[Marius the Epicurean Volume One by Walter Horatio Pater]@TWC D-Link bookMarius the Epicurean Volume One CHAPTER XIII: THE "MISTRESS AND MOTHER" OF PALACES 7/16
Was not that likeness of the husband, in the boy beside her, really the effect of a shameful magic, in which the blood of the murdered gladiator, his true father, had been an ingredient? Were the tricks for [219] deceiving husbands which the Roman poet describes, really hers, and her household an efficient school of all the arts of furtive love? Or, was the husband too aware, like every one beside? Were certain sudden deaths which happened there, really the work of apoplexy, or the plague? The man whose ears, whose soul, those rumours were meant to penetrate, was, however, faithful to his sanguine and optimist philosophy, to his determination that the world should be to him simply what the higher reason preferred to conceive it; and the life's journey Aurelius had made so far, though involving much moral and intellectual loneliness, had been ever in affectionate and helpful contact with other wayfarers, very unlike himself.

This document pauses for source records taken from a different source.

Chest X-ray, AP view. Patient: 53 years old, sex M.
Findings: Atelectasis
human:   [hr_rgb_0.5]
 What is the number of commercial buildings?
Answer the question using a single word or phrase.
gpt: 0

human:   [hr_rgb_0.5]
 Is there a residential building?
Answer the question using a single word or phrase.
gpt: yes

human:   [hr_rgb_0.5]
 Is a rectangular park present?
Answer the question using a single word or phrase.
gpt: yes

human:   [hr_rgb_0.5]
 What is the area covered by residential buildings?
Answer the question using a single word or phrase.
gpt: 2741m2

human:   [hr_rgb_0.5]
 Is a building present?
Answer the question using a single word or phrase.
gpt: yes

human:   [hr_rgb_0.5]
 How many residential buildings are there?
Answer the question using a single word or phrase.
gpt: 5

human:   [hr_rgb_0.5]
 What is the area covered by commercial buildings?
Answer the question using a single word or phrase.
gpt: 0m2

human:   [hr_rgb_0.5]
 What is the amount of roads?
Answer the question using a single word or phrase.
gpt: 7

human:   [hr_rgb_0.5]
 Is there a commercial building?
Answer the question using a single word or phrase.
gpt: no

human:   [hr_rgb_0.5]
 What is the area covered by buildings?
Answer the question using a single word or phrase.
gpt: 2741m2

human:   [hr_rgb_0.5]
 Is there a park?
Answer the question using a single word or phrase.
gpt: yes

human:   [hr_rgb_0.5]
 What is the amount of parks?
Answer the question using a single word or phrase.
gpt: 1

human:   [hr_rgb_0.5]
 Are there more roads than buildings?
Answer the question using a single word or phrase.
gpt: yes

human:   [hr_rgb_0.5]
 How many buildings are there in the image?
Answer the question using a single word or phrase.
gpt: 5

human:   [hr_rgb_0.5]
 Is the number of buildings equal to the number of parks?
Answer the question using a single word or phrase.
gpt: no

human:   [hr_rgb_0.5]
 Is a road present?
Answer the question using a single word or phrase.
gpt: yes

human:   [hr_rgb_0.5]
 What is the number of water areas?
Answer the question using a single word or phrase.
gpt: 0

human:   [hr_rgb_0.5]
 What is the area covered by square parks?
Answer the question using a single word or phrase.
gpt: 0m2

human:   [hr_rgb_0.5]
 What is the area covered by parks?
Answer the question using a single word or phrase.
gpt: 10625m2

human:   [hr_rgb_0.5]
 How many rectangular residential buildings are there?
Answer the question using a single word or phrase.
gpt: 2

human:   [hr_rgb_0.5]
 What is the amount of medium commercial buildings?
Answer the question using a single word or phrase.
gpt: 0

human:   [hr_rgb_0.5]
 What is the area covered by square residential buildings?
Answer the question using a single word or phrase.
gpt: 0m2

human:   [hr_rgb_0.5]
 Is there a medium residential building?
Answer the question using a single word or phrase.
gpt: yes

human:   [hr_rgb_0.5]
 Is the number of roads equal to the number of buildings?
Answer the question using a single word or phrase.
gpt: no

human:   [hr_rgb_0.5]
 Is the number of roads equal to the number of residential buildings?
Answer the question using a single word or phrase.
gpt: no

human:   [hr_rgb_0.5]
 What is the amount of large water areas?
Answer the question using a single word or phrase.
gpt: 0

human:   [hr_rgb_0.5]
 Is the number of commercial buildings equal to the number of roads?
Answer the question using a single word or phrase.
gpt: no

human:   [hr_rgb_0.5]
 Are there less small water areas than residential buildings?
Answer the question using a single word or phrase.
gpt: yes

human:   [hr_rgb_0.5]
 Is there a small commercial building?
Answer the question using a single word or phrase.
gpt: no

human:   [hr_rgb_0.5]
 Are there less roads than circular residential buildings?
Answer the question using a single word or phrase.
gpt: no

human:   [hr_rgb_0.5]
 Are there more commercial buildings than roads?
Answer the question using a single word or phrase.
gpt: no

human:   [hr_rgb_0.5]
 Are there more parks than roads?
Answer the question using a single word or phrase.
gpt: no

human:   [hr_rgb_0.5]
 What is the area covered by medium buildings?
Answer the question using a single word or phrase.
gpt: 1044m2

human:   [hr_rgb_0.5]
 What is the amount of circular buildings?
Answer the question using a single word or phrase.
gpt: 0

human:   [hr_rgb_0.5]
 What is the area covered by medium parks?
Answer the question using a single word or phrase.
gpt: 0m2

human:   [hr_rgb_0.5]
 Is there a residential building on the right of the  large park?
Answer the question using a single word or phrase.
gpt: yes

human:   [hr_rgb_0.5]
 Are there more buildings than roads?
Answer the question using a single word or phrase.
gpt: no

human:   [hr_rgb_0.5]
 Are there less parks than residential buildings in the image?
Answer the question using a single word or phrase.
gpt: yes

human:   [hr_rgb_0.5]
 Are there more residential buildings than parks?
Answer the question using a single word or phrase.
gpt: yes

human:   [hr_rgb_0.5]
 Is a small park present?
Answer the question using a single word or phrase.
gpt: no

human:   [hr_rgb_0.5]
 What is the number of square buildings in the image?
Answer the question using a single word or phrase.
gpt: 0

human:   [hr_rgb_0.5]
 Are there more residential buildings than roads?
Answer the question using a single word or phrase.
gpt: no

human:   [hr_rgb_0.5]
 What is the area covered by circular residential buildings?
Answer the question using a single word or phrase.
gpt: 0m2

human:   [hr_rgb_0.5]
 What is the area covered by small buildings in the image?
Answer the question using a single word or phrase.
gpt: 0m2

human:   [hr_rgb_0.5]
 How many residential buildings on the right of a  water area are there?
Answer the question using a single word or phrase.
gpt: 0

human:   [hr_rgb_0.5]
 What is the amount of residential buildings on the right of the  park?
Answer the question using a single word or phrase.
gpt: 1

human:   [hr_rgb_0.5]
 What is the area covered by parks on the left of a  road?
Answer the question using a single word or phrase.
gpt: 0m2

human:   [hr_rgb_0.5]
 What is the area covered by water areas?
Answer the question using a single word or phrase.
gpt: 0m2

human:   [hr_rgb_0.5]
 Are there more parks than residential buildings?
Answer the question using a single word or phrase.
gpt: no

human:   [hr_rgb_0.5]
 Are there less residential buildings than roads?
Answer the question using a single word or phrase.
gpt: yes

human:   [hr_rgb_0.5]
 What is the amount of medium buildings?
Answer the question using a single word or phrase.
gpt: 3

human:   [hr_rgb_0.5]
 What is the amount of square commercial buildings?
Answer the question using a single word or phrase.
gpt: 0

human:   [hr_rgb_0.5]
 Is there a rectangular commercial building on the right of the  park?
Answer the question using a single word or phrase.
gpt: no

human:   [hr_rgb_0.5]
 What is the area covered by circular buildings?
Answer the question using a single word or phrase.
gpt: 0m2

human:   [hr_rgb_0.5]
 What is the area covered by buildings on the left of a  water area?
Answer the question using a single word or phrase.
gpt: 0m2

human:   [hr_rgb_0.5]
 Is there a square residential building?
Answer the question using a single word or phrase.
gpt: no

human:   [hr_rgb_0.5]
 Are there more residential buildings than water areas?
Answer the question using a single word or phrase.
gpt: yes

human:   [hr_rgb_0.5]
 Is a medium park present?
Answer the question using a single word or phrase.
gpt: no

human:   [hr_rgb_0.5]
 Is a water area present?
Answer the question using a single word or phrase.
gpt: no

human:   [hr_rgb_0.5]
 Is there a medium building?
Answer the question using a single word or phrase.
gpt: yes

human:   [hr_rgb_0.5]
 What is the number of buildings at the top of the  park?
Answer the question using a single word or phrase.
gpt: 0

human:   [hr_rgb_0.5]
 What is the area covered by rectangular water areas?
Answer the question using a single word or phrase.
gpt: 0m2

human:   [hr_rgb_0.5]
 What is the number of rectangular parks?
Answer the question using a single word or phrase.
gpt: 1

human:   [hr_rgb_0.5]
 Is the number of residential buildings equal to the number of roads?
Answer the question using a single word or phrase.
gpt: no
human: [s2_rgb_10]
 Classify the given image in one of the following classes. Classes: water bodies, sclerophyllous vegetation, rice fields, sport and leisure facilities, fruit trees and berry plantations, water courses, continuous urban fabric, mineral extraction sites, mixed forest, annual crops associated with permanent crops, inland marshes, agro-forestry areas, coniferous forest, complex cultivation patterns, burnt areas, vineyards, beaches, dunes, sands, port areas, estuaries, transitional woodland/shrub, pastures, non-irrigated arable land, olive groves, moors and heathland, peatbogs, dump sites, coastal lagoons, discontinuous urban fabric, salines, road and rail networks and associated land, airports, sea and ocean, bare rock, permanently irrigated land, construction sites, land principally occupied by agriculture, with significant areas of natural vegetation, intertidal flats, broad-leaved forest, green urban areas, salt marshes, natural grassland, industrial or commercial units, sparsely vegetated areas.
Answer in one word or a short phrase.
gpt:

Since his days of earliest childhood in the Lateran gardens, he seemed to himself, blessing the gods for it after deliberate survey, to have been always surrounded by kinsmen, friends, servants, of exceptional virtue.
From the great Stoic idea, that we are all fellow-citizens of one city, he had derived a tenderer, a more equitable estimate than was common among Stoics, of the eternal shortcomings of men and women.

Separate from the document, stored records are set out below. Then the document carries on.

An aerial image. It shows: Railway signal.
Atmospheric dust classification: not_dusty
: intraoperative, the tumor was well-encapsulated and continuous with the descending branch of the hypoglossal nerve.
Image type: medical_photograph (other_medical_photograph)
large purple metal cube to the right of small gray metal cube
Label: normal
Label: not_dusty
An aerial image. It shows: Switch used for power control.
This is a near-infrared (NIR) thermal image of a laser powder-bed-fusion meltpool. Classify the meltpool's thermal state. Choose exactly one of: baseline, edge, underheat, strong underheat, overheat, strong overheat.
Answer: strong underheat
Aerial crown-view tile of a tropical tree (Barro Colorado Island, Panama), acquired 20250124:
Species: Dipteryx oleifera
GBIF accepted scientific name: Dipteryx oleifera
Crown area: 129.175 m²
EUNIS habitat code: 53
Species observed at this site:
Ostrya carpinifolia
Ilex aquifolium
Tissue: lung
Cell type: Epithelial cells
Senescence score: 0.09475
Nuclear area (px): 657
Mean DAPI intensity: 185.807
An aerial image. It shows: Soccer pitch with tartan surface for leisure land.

Considerations that might tend to the sweetening of his temper it was his daily care to store away, with a kind of philosophic pride in the thought that no one took more good-naturedly than he the "oversights" of his neighbours.
For had not Plato taught (it was not [220] paradox, but simple truth of experience) that if people sin, it is because they know no better, and are "under the necessity of their own ignorance"? Hard to himself, he seemed at times, doubtless, to decline too softly upon unworthy persons. Actually, he came thereby upon many a useful instrument.